I am currently monitoring 15 platforms, 1 Linux which is the HQ Server, 12 Windows 2003, and 2 Windows 2000 Server agents. I have when availability changes alerts configured for the Windows platforms.
This has been working well for about two months, but over the last week or so, it has been behaving strangely. It will fire an alert that every platform has changed availability to 0. Then, a minute or two later, it will fire an alert for every platform that availability has changed to 1. When I look in the Dashboard, all platforms show 100% availability as the low, average, and max for the time in question.

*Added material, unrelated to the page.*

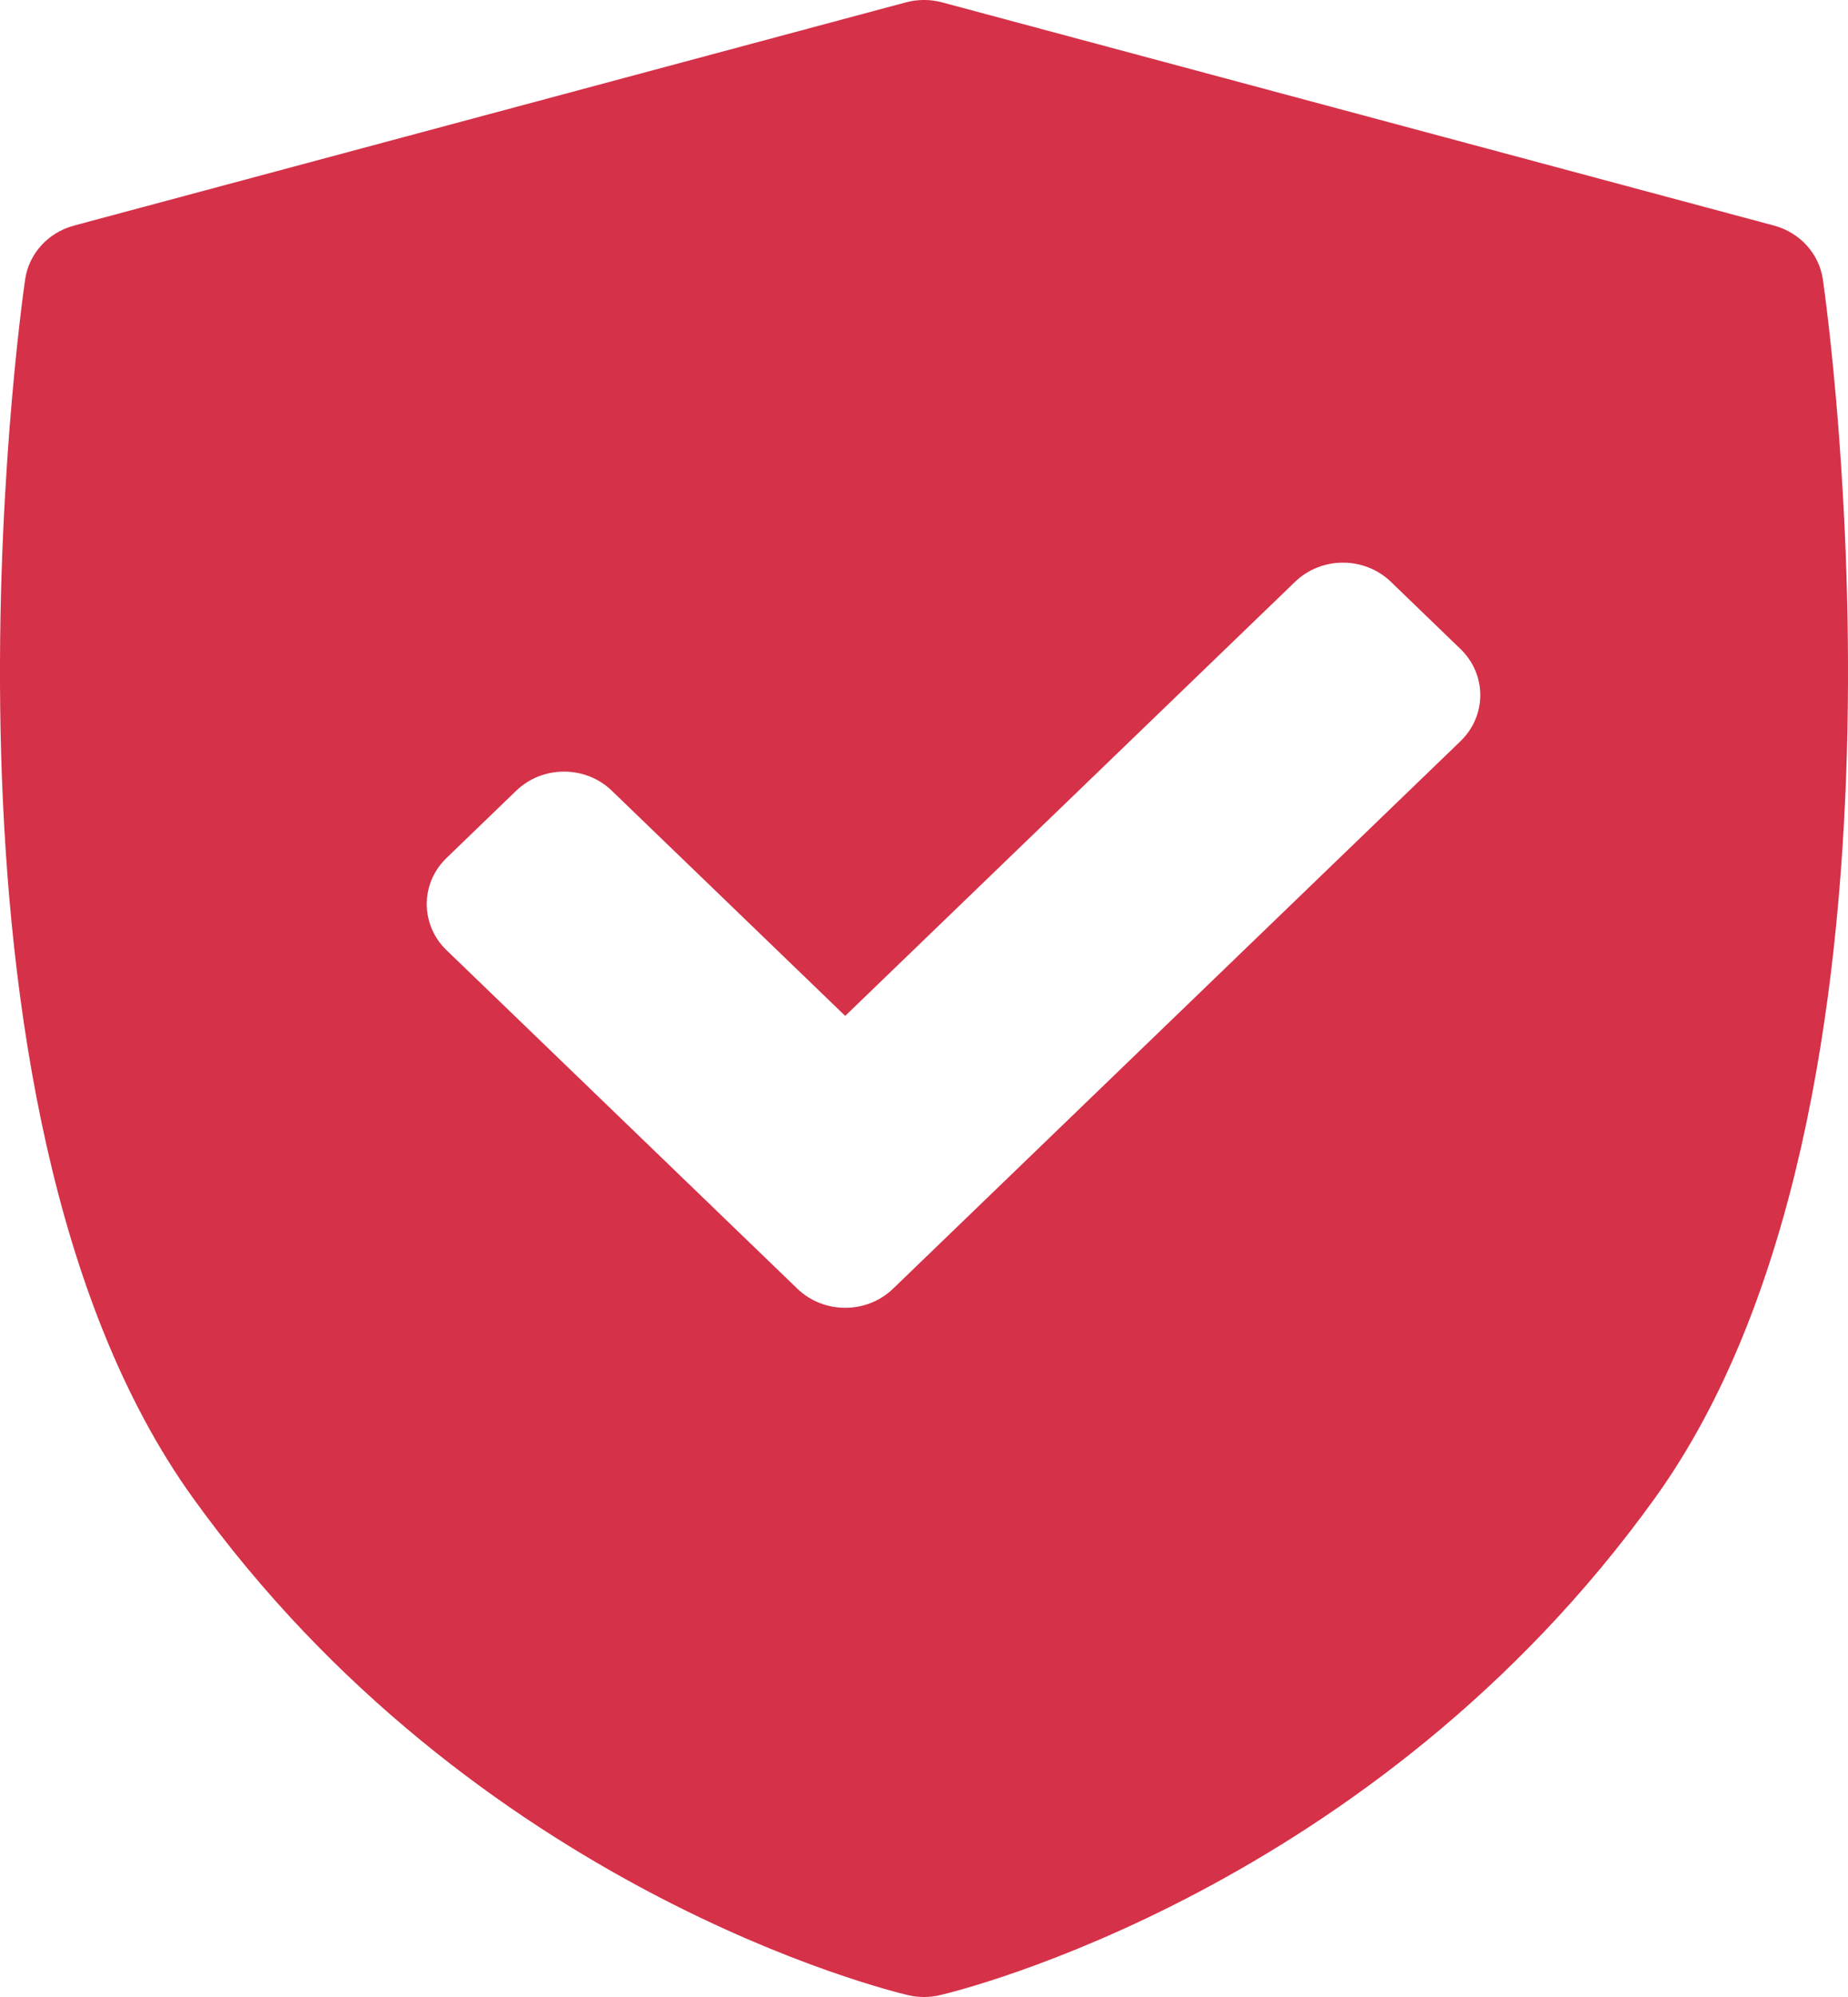 <svg xmlns="http://www.w3.org/2000/svg" width="25" height="27" viewBox="0 0 25 27" fill="none"><path d="M24.66 3.779C24.61 3.431 24.35 3.144 23.999 3.05L12.745 0.032C12.585 -0.011 12.415 -0.011 12.255 0.032L1.001 3.05C0.65 3.144 0.39 3.431 0.34 3.779C0.274 4.231 -1.215 14.925 2.605 20.245C6.42 25.558 12.047 26.92 12.285 26.975C12.356 26.992 12.428 27 12.5 27C12.572 27 12.644 26.992 12.715 26.975C12.953 26.92 18.58 25.558 22.395 20.245C26.215 14.925 24.726 4.231 24.66 3.779ZM19.757 10.022L12.081 17.424C11.902 17.596 11.668 17.682 11.434 17.682C11.2 17.682 10.966 17.596 10.787 17.424L6.041 12.847C5.869 12.682 5.773 12.457 5.773 12.223C5.773 11.989 5.869 11.765 6.041 11.6L6.983 10.691C7.341 10.346 7.92 10.346 8.277 10.691L11.434 13.735L17.521 7.865C17.692 7.7 17.925 7.607 18.168 7.607C18.411 7.607 18.643 7.7 18.815 7.865L19.757 8.774C20.115 9.119 20.115 9.677 19.757 10.022Z" fill="#D53148"></path></svg>

Upon on the initial occurrence, I thought it might have been a momentary network blip, but I have one of the Windows agents doing InetAddress Ping on all switches and routers. I did notice 2 things this morning in the HQ Health plugin:
1) There was a clock drift between the agent and server. I do not know if this has always existed or not, but I set the HQ server's OS to NTP from one of the agents that is a domain controller. This has reduced the offset significantly.
2) Several of the items on the Cache tab, including AvailabilitySummary are listed in red. The details for the AvailabilitySummary are Size:236, Hits:39437, and Misses:298.
Does anyone have any ideas why this might be occurring? Getting paged multiple times last night at around 11:30pm, 1:15am, 2:45am, 4:15am, and 5:45am was not exactly a fun experience. Thanks.